> _Records drawn from a dataset_:
-- -- --

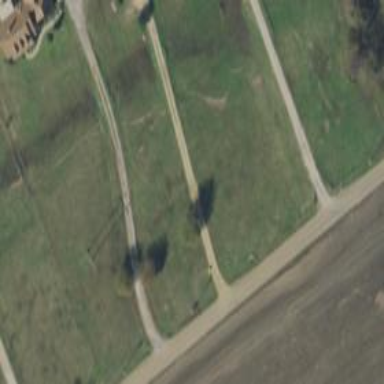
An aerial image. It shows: Driveway.
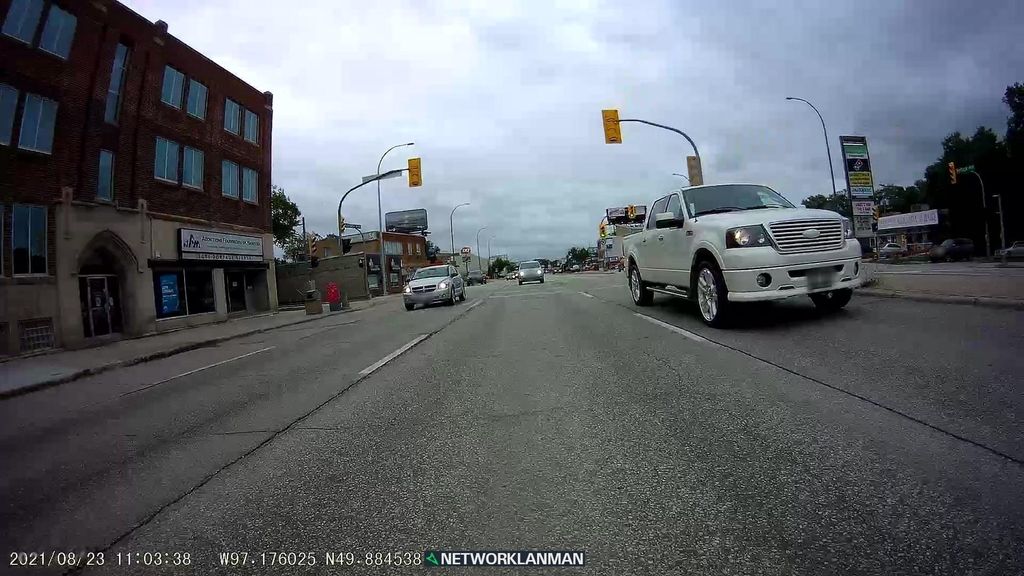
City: winnipeg
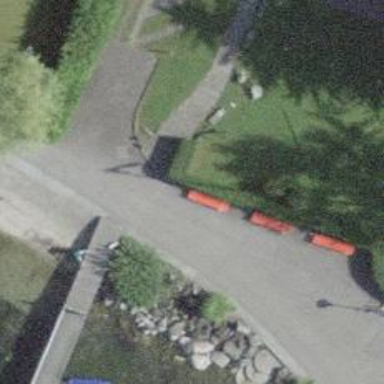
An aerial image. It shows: Red bench.
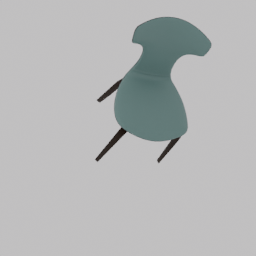
Label: furniture
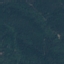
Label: Forest
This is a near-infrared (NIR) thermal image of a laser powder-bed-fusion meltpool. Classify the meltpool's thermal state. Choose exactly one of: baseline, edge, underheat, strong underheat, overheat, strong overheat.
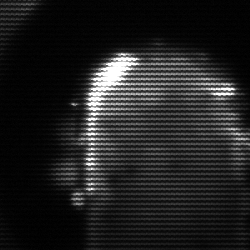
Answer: baseline
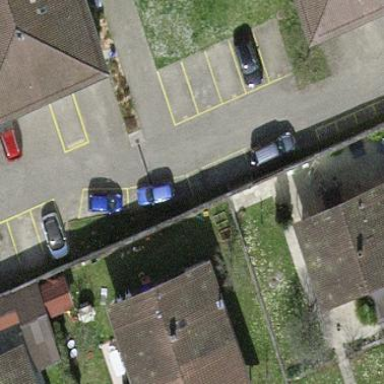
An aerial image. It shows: Street-side parking area.
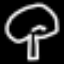
Label: mushroom
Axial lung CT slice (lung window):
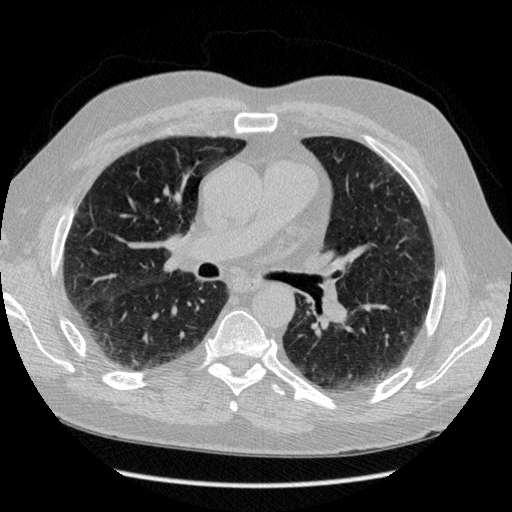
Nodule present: no
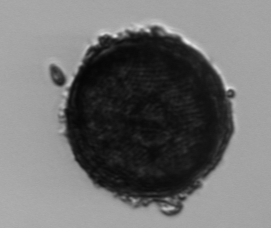
Label: Coscinodiscus
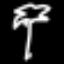
Label: palm tree
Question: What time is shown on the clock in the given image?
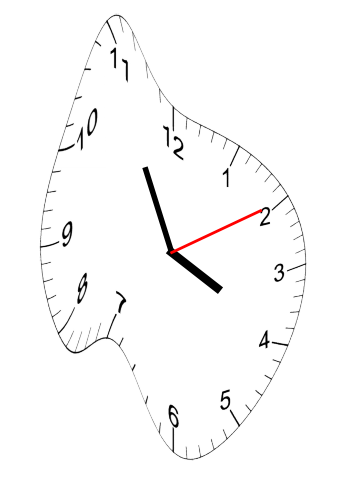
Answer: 03:55:10
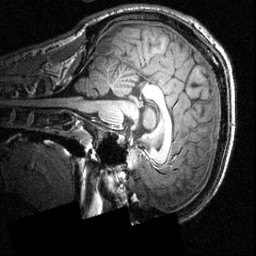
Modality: T1w
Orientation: sagittal
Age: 21
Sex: male
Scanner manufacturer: siemens
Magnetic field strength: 3.951 T
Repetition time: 1.5 s
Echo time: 0.00335 s
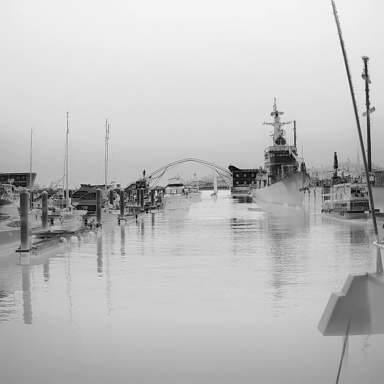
There are nine objects shown in the infrared image, including four sailboats, three canoes, a warship, and a container_ship.
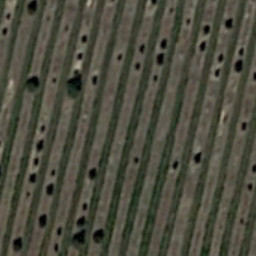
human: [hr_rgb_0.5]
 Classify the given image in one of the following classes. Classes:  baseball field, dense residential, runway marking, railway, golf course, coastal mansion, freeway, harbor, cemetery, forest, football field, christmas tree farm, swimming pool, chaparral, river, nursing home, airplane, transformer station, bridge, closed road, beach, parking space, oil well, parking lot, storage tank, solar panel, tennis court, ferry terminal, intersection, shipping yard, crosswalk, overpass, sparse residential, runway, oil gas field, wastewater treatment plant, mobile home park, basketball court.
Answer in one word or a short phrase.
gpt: christmas tree farm
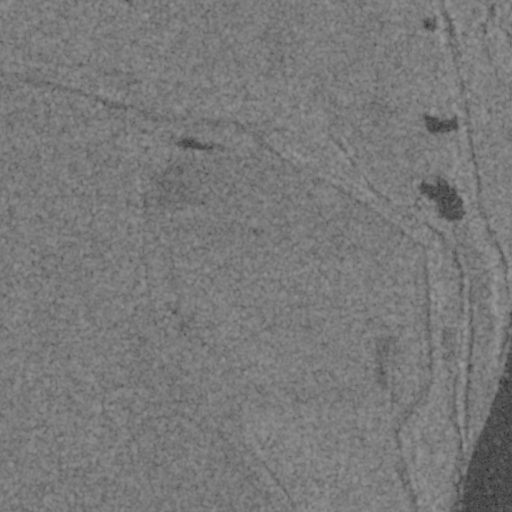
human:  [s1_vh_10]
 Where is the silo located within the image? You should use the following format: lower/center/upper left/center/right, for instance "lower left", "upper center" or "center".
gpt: The silo is located in the center of the image.
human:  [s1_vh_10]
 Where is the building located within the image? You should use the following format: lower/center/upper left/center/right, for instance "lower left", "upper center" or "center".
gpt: The building is located in the center left of the image.
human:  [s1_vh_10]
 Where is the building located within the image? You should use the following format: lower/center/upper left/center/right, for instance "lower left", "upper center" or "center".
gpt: The building is located in the center left of the image.
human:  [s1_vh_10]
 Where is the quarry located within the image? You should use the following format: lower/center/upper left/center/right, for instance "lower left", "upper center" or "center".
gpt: There is no quarry in the image.

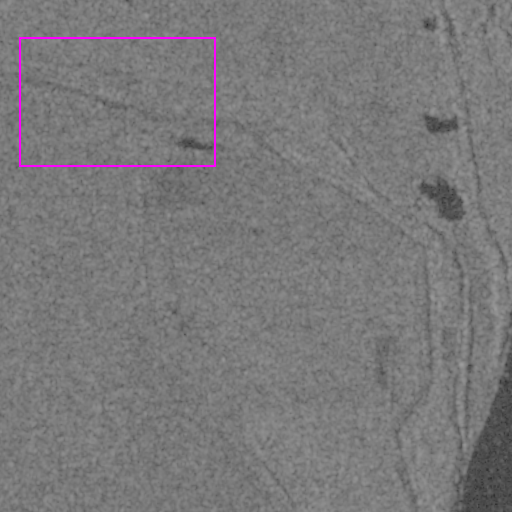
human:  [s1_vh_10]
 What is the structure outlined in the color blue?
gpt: There is no blue outline.
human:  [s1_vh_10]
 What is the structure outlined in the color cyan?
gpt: There is no structure outlined in cyan.
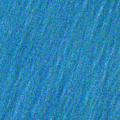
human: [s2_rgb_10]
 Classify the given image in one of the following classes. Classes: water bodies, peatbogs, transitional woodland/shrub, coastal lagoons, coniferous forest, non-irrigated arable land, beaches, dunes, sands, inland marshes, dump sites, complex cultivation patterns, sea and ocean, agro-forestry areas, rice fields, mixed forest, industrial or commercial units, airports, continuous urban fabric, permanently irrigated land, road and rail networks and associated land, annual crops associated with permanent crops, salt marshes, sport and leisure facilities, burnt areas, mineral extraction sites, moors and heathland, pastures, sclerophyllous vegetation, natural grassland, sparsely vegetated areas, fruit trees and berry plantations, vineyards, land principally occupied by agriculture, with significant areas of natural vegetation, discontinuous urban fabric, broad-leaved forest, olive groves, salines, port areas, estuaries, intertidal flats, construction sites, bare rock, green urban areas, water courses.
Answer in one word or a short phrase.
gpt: sea and ocean
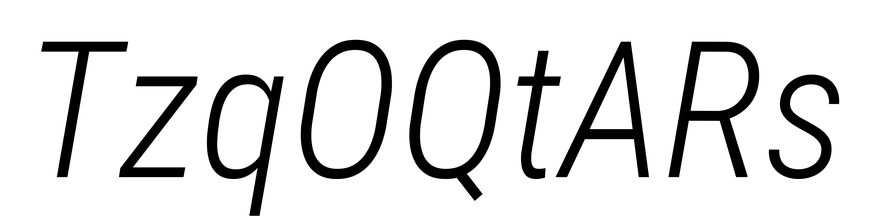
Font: Roboto-Italic_Condensed_Light_Italic
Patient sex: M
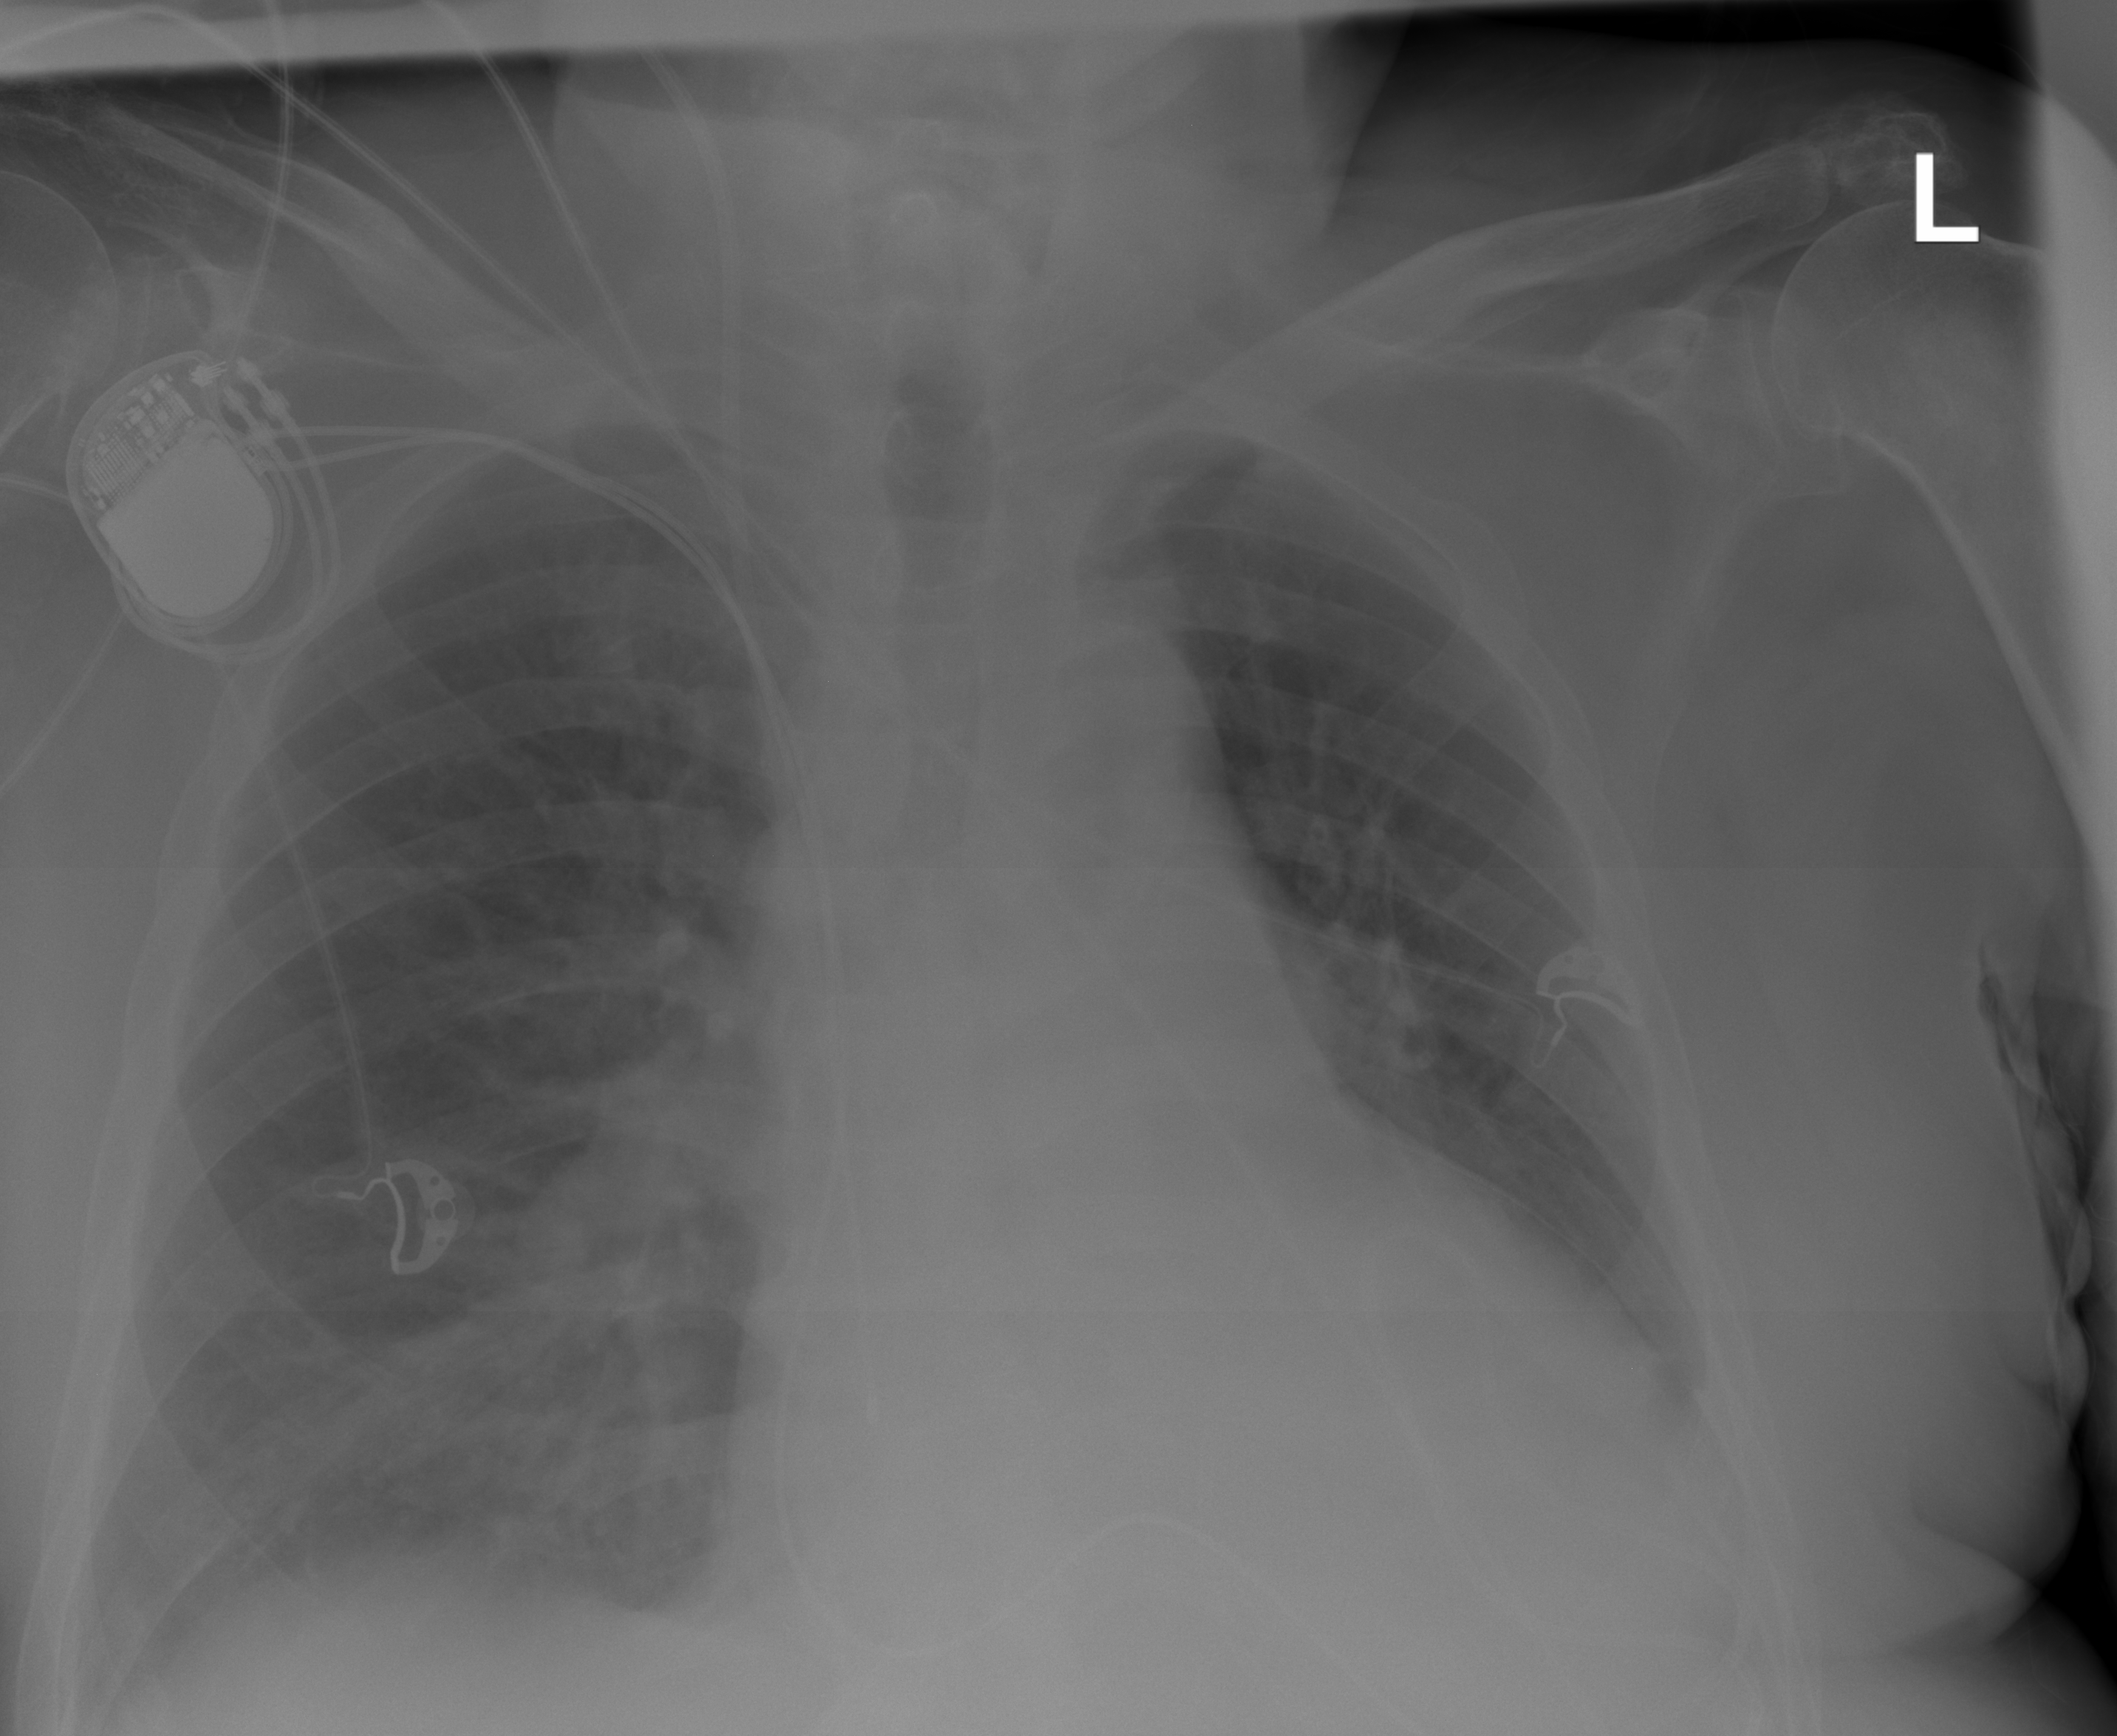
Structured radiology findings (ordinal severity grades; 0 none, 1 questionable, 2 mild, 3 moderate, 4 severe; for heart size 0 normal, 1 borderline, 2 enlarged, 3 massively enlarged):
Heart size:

-- -- --

> _Problem_:
Your copy should match the data above exactly, apart from the pictures.

> _Written answer_:
An aerial image. It shows: Driveway.
City: winnipeg
An aerial image. It shows: Red bench.
Label: furniture
Label: Forest
This is a near-infrared (NIR) thermal image of a laser powder-bed-fusion meltpool. Classify the meltpool's thermal state. Choose exactly one of: baseline, edge, underheat, strong underheat, overheat, strong overheat.
Answer: baseline
An aerial image. It shows: Street-side parking area.
Label: mushroom
Axial lung CT slice (lung window):
Nodule present: no
Label: Coscinodiscus
Label: palm tree
Question: What time is shown on the clock in the given image?
Answer: 03:55:10
Modality: T1w
Orientation: sagittal
Age: 21
Sex: male
Scanner manufacturer: siemens
Magnetic field strength: 3.951 T
Repetition time: 1.5 s
Echo time: 0.00335 s
There are nine objects shown in the infrared image, including four sailboats, three canoes, a warship, and a container_ship.
human: [hr_rgb_0.5]
 Classify the given image in one of the following classes. Classes:  baseball field, dense residential, runway marking, railway, golf course, coastal mansion, freeway, harbor, cemetery, forest, football field, christmas tree farm, swimming pool, chaparral, river, nursing home, airplane, transformer station, bridge, closed road, beach, parking space, oil well, parking lot, storage tank, solar panel, tennis court, ferry terminal, intersection, shipping yard, crosswalk, overpass, sparse residential, runway, oil gas field, wastewater treatment plant, mobile home park, basketball court.
Answer in one word or a short phrase.
gpt: christmas tree farm
human:  [s1_vh_10]
 Where is the silo located within the image? You should use the following format: lower/center/upper left/center/right, for instance "lower left", "upper center" or "center".
gpt: The silo is located in the center of the image.
human:  [s1_vh_10]
 Where is the building located within the image? You should use the following format: lower/center/upper left/center/right, for instance "lower left", "upper center" or "center".
gpt: The building is located in the center left of the image.
human:  [s1_vh_10]
 Where is the building located within the image? You should use the following format: lower/center/upper left/center/right, for instance "lower left", "upper center" or "center".
gpt: The building is located in the center left of the image.
human:  [s1_vh_10]
 Where is the quarry located within the image? You should use the following format: lower/center/upper left/center/right, for instance "lower left", "upper center" or "center".
gpt: There is no quarry in the image.

human:  [s1_vh_10]
 What is the structure outlined in the color blue?
gpt: There is no blue outline.
human:  [s1_vh_10]
 What is the structure outlined in the color cyan?
gpt: There is no structure outlined in cyan.
human: [s2_rgb_10]
 Classify the given image in one of the following classes. Classes: water bodies, peatbogs, transitional woodland/shrub, coastal lagoons, coniferous forest, non-irrigated arable land, beaches, dunes, sands, inland marshes, dump sites, complex cultivation patterns, sea and ocean, agro-forestry areas, rice fields, mixed forest, industrial or commercial units, airports, continuous urban fabric, permanently irrigated land, road and rail networks and associated land, annual crops associated with permanent crops, salt marshes, sport and leisure facilities, burnt areas, mineral extraction sites, moors and heathland, pastures, sclerophyllous vegetation, natural grassland, sparsely vegetated areas, fruit trees and berry plantations, vineyards, land principally occupied by agriculture, with significant areas of natural vegetation, discontinuous urban fabric, broad-leaved forest, olive groves, salines, port areas, estuaries, intertidal flats, construction sites, bare rock, green urban areas, water courses.
Answer in one word or a short phrase.
gpt: sea and ocean
Font: Roboto-Italic_Condensed_Light_Italic
Patient sex: M
Structured radiology findings (ordinal severity grades; 0 none, 1 questionable, 2 mild, 3 moderate, 4 severe; for heart size 0 normal, 1 borderline, 2 enlarged, 3 massively enlarged):
Heart size:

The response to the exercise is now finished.